### Task details
Look through the material below and report every line that includes "lawn".

### Supplied data
»»
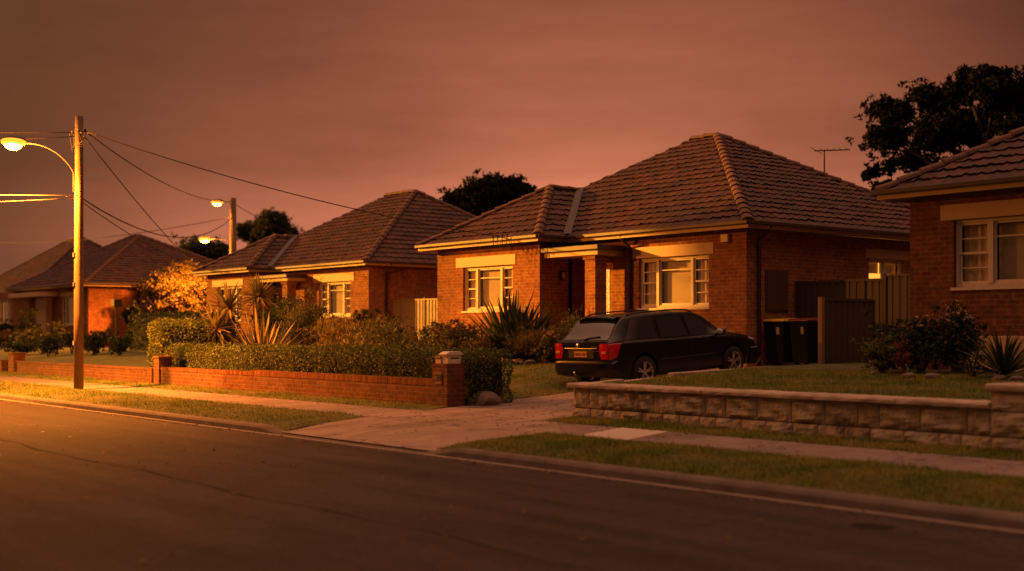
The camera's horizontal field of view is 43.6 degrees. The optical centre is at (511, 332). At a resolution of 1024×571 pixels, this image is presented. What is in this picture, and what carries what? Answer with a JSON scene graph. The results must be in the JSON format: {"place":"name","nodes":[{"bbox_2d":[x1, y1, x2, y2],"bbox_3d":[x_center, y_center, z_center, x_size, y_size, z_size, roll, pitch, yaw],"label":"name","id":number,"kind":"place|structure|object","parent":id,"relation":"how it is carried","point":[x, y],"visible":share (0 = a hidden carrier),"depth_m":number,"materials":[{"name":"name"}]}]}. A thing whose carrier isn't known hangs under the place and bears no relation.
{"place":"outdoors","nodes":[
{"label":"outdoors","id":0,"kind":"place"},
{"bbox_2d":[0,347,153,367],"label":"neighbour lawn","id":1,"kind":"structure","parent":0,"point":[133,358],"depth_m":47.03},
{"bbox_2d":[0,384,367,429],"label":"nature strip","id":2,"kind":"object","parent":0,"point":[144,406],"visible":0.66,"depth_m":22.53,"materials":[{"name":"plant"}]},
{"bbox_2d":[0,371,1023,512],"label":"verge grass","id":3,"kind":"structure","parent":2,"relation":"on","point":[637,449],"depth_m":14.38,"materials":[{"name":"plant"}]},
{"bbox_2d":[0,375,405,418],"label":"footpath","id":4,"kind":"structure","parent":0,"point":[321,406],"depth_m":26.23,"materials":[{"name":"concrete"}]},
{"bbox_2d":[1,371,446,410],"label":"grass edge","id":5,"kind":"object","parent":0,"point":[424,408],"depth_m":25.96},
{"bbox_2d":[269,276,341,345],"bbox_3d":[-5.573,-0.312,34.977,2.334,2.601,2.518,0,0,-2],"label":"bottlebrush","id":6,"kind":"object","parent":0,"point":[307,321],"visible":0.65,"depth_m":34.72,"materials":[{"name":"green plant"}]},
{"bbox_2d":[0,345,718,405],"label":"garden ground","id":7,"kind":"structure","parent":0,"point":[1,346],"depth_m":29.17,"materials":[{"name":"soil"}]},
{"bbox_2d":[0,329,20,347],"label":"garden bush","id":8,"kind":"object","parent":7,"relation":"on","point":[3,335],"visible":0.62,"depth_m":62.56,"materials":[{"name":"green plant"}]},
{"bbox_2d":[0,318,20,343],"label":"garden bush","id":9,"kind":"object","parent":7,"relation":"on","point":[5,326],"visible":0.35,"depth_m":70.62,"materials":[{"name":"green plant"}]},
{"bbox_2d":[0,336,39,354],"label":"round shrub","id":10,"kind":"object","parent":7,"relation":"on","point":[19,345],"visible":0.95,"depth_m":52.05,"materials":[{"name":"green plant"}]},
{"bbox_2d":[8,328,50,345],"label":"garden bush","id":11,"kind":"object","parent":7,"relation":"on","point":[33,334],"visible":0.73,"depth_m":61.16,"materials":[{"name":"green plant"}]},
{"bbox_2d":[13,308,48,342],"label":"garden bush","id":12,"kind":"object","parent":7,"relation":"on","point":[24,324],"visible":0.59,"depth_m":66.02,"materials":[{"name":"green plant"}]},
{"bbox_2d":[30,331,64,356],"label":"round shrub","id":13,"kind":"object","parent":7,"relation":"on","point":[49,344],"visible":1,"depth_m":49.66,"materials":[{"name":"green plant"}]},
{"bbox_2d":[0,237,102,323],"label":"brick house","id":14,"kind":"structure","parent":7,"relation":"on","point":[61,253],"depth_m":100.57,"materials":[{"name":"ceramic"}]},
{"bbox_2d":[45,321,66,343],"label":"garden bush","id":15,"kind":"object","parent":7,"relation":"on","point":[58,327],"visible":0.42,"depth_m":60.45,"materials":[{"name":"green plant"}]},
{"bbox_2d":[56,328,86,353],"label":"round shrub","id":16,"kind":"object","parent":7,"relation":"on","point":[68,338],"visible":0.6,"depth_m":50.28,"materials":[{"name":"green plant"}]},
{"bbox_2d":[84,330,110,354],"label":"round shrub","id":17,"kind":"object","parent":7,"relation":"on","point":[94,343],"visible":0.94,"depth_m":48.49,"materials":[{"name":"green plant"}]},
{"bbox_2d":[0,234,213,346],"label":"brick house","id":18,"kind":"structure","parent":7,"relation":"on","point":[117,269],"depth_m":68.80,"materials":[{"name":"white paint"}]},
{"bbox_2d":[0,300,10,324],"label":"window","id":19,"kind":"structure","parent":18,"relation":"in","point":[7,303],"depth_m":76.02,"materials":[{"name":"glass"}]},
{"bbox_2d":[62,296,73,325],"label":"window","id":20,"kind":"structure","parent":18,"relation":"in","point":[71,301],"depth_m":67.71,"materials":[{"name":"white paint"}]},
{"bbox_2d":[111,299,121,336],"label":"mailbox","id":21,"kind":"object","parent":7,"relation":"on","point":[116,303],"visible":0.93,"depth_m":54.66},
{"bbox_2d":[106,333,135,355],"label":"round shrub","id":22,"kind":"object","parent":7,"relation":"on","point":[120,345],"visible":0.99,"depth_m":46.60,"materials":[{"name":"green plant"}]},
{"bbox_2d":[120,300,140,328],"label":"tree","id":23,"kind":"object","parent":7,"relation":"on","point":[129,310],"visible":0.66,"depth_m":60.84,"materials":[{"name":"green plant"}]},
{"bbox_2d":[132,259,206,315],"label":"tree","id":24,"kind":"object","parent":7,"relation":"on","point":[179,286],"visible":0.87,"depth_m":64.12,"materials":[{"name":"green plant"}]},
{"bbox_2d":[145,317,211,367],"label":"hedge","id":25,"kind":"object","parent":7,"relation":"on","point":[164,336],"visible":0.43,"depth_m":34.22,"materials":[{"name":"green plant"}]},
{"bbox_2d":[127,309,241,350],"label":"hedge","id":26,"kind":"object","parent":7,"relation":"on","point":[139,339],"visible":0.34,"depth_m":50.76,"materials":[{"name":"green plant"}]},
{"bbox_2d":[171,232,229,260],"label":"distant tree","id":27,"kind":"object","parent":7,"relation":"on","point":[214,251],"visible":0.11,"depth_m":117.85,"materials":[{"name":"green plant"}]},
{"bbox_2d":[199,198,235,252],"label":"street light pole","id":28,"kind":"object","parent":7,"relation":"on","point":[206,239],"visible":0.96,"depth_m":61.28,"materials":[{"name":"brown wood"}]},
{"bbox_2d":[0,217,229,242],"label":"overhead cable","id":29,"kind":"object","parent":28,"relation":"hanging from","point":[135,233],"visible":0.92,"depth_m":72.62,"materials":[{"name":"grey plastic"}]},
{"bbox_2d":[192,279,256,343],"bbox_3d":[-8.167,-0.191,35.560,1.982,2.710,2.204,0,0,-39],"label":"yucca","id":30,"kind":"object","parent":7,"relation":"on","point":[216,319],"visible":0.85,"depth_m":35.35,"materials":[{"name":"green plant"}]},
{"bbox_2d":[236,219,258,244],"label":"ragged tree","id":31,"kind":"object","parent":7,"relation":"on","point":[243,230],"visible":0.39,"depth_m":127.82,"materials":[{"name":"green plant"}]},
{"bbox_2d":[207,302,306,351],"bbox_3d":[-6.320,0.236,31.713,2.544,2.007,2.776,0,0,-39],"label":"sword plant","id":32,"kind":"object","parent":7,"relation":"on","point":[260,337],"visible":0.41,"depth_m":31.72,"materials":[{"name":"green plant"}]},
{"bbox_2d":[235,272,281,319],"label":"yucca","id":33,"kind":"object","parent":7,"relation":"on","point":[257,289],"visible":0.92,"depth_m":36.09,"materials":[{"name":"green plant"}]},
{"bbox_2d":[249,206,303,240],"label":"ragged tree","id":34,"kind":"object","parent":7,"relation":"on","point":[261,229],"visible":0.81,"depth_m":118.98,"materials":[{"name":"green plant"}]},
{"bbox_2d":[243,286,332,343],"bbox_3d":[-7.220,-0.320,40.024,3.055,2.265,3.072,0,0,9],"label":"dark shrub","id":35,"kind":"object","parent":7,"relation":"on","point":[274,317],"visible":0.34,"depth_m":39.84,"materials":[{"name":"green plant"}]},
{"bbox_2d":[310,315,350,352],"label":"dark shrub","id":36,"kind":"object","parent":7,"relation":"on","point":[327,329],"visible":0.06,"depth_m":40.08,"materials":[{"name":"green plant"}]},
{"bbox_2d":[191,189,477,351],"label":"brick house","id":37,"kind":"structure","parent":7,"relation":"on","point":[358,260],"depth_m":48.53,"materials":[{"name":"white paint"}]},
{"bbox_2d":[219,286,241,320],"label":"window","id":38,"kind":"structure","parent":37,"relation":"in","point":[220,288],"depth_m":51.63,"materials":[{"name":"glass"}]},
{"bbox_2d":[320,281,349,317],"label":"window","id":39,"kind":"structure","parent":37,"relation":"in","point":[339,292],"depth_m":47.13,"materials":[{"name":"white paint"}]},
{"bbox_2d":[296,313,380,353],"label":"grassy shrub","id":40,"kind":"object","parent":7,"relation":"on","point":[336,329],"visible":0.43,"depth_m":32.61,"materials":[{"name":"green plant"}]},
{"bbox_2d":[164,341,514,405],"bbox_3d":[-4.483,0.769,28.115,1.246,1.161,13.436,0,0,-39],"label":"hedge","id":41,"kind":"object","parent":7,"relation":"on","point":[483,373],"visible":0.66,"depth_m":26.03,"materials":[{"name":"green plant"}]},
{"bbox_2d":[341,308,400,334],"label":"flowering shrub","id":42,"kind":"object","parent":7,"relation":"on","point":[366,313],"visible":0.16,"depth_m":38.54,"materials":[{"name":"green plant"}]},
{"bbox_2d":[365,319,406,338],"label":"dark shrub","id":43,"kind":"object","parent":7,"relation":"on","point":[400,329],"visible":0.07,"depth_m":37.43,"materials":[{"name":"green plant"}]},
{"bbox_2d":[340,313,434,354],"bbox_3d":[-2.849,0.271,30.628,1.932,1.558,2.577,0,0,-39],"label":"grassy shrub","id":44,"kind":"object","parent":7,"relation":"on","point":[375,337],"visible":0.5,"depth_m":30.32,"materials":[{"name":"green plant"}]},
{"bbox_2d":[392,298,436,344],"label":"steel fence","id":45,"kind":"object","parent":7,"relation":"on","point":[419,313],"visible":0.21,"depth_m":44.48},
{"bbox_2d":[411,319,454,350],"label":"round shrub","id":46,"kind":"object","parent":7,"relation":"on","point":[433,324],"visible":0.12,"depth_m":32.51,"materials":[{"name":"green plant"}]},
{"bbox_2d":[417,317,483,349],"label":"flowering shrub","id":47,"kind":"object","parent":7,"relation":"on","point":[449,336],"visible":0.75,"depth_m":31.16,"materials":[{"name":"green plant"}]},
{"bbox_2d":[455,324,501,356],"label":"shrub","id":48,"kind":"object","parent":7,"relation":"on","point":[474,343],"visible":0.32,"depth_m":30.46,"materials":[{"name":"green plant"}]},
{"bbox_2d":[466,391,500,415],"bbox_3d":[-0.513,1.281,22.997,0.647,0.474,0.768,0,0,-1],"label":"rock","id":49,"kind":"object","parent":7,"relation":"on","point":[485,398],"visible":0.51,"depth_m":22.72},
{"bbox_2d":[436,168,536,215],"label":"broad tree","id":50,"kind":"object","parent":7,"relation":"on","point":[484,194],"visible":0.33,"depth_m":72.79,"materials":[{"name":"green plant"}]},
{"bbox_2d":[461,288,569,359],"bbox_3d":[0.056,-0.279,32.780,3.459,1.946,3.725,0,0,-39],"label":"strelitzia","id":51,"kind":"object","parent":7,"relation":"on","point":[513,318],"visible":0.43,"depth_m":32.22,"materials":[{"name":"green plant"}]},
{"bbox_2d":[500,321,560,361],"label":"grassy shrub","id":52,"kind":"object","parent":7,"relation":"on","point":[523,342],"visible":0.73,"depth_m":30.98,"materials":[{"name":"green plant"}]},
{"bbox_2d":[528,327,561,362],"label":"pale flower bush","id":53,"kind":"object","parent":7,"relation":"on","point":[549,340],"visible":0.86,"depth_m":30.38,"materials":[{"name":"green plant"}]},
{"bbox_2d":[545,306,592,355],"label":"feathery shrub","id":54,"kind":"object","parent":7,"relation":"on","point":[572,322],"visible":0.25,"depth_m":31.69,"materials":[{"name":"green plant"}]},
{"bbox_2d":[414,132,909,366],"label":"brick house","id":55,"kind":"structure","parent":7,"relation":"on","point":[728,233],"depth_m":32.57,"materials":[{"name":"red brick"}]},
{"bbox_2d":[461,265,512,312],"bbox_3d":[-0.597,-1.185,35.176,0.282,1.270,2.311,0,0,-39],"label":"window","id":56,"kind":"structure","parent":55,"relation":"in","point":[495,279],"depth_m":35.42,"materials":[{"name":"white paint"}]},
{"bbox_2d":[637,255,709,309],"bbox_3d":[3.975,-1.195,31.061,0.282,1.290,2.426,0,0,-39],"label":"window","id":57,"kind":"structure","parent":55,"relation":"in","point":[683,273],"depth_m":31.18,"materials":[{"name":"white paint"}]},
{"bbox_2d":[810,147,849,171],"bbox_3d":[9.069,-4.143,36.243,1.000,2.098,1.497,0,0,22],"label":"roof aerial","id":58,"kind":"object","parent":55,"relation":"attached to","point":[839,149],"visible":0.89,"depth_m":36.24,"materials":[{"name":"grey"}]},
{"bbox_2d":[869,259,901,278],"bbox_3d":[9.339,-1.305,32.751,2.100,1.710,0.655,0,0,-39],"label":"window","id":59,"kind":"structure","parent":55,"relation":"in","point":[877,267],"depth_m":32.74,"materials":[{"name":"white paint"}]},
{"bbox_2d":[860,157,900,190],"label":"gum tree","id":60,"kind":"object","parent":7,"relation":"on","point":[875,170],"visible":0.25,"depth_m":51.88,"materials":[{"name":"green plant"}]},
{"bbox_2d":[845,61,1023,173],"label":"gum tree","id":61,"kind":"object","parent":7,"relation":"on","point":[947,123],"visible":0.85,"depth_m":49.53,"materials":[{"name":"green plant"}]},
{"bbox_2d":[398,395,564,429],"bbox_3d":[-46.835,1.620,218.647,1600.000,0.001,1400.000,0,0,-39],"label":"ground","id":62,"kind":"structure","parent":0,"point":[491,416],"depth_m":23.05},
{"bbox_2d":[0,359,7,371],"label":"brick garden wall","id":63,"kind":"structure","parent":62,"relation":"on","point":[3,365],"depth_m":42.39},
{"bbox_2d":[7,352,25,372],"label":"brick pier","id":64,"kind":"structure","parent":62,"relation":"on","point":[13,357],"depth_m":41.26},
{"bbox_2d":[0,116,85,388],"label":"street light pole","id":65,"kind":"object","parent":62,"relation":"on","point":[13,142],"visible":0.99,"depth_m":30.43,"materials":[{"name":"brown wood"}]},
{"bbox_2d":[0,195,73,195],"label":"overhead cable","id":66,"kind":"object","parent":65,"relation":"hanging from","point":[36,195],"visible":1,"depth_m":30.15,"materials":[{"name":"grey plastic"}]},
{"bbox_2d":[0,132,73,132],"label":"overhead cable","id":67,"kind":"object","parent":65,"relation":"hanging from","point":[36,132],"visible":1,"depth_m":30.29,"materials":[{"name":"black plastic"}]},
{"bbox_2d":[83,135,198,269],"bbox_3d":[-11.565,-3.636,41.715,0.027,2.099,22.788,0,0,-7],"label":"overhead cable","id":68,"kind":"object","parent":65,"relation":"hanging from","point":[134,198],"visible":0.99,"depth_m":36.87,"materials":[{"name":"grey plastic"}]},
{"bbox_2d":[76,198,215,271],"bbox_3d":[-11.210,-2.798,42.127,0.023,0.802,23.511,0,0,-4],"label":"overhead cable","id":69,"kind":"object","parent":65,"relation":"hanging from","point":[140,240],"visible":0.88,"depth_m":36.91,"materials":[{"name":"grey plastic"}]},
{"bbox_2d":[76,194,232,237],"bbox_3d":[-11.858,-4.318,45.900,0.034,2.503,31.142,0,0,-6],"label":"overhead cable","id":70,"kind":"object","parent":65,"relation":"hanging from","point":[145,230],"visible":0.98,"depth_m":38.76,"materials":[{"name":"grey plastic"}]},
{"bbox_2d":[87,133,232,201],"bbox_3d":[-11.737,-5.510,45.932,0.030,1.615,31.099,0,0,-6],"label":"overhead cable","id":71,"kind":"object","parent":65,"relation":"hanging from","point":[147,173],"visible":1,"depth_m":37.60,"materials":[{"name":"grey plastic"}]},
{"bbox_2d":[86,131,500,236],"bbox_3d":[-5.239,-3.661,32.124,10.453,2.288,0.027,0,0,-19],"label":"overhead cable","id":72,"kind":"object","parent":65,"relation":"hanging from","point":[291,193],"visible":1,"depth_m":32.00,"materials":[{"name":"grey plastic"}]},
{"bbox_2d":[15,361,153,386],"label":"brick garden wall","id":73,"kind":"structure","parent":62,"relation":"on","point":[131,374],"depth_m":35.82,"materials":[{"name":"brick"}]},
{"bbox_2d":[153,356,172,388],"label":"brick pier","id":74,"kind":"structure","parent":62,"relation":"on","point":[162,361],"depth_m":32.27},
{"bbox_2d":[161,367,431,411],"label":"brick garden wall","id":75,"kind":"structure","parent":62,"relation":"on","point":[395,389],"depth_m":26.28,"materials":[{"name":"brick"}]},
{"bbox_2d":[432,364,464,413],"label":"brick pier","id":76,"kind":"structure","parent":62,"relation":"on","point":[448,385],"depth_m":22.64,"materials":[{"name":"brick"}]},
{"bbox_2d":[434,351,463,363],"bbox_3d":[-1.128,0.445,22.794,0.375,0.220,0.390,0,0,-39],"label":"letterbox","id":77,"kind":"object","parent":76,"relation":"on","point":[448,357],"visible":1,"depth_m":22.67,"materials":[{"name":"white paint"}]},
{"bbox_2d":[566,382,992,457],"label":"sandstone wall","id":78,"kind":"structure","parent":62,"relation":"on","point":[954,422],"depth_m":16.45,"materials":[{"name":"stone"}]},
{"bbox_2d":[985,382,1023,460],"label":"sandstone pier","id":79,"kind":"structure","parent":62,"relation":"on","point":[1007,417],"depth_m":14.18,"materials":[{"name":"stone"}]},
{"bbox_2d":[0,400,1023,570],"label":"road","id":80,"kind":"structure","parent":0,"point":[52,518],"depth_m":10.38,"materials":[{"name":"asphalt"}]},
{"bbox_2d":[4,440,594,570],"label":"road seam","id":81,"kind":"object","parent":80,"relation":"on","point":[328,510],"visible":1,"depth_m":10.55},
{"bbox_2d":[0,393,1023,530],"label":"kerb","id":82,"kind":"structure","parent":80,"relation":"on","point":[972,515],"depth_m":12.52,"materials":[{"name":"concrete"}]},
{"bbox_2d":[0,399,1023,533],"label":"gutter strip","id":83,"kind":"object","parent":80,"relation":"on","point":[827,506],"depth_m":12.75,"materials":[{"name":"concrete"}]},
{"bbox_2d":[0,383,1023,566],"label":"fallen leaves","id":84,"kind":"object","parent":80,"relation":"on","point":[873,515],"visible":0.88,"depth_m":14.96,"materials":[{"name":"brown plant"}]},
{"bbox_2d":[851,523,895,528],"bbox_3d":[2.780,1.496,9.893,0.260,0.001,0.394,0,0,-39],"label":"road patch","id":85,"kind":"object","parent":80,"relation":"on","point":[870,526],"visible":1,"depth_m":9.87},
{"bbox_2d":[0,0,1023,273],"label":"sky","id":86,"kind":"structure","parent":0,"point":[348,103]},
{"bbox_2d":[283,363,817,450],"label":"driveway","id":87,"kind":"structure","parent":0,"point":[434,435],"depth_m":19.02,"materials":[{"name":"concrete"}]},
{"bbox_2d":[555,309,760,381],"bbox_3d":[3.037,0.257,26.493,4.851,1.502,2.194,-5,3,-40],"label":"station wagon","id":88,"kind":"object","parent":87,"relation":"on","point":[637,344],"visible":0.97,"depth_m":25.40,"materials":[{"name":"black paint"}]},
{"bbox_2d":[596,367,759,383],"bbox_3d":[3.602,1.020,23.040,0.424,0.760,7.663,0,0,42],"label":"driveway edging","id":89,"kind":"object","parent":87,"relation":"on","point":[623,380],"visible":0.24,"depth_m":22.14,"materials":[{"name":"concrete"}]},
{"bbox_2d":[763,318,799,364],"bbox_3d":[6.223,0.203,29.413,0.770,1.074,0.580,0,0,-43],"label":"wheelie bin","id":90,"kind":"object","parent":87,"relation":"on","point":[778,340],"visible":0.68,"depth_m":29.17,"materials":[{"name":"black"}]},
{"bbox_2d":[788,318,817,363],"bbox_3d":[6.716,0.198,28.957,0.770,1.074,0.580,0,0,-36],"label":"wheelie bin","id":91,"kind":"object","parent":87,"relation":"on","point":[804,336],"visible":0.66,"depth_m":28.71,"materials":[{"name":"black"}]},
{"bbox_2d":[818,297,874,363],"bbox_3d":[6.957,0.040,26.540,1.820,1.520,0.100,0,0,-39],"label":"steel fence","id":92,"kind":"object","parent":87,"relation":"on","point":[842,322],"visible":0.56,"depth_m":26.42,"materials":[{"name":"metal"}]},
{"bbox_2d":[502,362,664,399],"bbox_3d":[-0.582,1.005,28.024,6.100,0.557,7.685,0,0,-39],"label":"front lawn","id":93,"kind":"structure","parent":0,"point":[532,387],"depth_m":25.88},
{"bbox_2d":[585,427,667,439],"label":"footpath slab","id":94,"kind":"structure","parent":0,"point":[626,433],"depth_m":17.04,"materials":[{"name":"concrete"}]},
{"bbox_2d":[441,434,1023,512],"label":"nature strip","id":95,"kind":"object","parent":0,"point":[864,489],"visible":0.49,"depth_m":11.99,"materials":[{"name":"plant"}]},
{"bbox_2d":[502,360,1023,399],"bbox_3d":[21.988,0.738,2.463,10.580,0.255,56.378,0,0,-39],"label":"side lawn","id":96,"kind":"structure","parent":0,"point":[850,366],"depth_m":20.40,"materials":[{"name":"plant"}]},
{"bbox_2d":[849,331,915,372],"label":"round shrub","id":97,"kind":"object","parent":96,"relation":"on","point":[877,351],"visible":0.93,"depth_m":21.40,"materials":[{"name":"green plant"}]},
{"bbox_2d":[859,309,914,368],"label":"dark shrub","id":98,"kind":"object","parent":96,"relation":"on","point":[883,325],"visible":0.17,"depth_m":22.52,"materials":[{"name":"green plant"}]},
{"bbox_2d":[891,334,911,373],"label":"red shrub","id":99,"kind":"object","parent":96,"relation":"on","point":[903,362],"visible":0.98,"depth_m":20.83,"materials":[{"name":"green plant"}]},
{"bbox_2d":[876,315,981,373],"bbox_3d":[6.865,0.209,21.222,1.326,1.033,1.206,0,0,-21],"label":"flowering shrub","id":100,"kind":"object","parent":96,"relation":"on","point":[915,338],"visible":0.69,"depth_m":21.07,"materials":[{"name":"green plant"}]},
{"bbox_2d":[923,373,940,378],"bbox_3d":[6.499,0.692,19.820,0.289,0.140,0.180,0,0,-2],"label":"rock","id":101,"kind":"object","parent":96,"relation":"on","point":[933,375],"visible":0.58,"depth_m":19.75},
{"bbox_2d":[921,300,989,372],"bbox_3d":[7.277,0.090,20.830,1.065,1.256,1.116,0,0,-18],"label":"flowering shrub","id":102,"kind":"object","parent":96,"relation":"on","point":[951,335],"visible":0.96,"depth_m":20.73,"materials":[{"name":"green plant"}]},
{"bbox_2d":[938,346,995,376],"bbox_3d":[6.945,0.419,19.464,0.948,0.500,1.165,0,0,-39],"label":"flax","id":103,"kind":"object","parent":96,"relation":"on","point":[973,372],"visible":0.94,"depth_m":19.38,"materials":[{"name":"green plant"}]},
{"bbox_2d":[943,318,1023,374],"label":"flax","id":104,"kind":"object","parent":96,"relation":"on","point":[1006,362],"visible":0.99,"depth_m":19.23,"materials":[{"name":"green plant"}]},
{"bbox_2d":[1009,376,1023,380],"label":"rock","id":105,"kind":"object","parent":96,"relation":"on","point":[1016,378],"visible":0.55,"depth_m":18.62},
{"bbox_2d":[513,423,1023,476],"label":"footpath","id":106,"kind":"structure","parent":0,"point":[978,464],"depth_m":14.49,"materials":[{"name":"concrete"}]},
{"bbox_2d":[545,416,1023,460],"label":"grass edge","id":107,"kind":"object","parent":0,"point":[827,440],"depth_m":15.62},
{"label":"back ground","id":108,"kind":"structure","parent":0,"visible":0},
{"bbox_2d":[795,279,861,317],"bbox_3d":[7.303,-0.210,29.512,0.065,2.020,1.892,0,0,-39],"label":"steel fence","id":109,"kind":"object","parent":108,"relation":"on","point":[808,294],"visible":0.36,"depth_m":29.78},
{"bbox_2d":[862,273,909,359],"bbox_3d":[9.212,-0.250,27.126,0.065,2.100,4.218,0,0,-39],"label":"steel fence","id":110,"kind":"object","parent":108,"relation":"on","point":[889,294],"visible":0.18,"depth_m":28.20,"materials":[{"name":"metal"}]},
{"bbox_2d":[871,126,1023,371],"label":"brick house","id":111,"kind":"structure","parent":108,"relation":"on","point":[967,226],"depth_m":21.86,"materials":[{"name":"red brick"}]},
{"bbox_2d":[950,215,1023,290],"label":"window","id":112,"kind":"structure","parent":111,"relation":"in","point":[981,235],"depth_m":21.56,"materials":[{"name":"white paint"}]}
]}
««
### Result
{"bbox_2d":[0,347,153,367],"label":"neighbour lawn","id":1,"kind":"structure","parent":0,"point":[133,358],"depth_m":47.03},
{"bbox_2d":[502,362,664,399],"bbox_3d":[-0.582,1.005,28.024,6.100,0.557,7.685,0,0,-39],"label":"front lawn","id":93,"kind":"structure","parent":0,"point":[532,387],"depth_m":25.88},
{"bbox_2d":[502,360,1023,399],"bbox_3d":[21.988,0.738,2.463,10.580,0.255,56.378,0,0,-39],"label":"side lawn","id":96,"kind":"structure","parent":0,"point":[850,366],"depth_m":20.40,"materials":[{"name":"plant"}]},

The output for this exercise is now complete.